I work on a wide variety of things in X for Solaris - I've done a lot of work on Xinerama, the keyboard and mouse input modules, merging fixes between our trees and the open source releases, importing open source projects like XRender & fontconfig, performance tuning, and much more. Probably the most visible projects I've done are the IPv6 support (which was donated to X11R6.7 and XFree86 4.4) and the X server side of the wheel mouse support you can now find in Solaris Express and soon in Solaris 9 patches.

I also participate in many (probably too many) mailing lists, both inside and outside of Sun, answering many questions on some, asking the hard questions people don't want to answer on others (or telling them what I think the answers should be when I disagree).

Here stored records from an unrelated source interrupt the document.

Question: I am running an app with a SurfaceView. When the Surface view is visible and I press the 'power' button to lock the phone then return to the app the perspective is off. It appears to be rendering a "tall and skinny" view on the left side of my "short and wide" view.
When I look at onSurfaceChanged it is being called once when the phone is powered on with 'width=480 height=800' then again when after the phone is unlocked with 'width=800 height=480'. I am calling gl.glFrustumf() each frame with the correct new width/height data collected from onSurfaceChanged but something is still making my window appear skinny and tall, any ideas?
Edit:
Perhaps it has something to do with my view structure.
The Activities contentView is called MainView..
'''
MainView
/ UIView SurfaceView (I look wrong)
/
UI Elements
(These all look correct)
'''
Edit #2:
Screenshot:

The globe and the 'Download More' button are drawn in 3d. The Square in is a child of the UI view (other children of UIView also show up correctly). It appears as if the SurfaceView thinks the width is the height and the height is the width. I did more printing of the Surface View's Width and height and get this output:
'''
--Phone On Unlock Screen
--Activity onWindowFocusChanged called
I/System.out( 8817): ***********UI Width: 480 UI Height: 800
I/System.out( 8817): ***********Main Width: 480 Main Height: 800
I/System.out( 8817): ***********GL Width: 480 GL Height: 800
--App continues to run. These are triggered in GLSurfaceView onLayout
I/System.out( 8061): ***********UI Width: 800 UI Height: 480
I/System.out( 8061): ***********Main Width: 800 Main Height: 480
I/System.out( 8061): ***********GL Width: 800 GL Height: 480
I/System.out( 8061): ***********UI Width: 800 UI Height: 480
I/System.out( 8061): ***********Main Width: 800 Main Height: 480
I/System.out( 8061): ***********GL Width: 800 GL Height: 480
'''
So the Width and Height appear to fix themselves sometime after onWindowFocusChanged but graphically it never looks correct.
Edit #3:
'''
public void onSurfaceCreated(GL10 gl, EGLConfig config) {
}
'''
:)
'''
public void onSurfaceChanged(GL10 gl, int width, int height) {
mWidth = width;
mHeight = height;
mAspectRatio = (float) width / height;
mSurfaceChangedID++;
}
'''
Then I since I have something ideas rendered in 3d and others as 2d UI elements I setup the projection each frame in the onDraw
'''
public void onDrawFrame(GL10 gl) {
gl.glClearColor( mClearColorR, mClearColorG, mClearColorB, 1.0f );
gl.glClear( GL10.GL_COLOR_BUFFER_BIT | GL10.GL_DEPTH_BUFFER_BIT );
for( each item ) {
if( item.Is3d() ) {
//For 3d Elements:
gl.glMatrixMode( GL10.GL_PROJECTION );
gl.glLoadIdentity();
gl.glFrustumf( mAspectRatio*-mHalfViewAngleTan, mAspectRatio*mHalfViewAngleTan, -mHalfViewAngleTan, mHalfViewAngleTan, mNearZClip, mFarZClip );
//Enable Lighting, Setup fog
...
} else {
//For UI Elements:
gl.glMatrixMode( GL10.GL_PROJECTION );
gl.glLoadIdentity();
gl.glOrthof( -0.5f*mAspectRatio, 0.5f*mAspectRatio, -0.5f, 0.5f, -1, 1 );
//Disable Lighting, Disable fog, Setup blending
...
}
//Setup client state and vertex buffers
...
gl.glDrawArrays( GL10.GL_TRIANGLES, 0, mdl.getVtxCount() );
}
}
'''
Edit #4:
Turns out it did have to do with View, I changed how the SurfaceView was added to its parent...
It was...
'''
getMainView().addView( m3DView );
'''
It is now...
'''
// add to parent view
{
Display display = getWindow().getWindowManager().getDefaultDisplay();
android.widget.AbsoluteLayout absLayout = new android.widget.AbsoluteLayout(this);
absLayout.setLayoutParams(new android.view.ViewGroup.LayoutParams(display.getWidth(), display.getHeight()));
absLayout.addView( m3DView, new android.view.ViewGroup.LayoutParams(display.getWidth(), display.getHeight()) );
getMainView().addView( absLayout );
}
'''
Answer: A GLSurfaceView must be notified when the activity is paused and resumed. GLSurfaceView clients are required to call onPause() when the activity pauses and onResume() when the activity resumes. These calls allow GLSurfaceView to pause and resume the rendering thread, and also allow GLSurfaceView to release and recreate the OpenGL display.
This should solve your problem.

At home I keep entertained with two TiVos (I can't imagine watching TV without them any more - there's rarely anything on I want to watch when I have time for TV, and rarely is anything I want to watch on at the time I can watch) and just about every game console since the N64 (except the Xbox). We also have far too many computers for two people (though the Mac IIsi, RS/6000 and Apollo DN3000 are away in the storage closet at least, so our computer room doesn't completely overflow) - but the ones that are plugged in all get used regularly, so I guess we're stuck with them. Of course, my wife will tell you I spend too much time at home in front of the Solaris machines with VPN running so I can work from home.

So in a nutshell, that's who I am (and yes, I guess that makes me a nut). Now I just have to wonder who all of you are who come here to read this boring page...all three of you.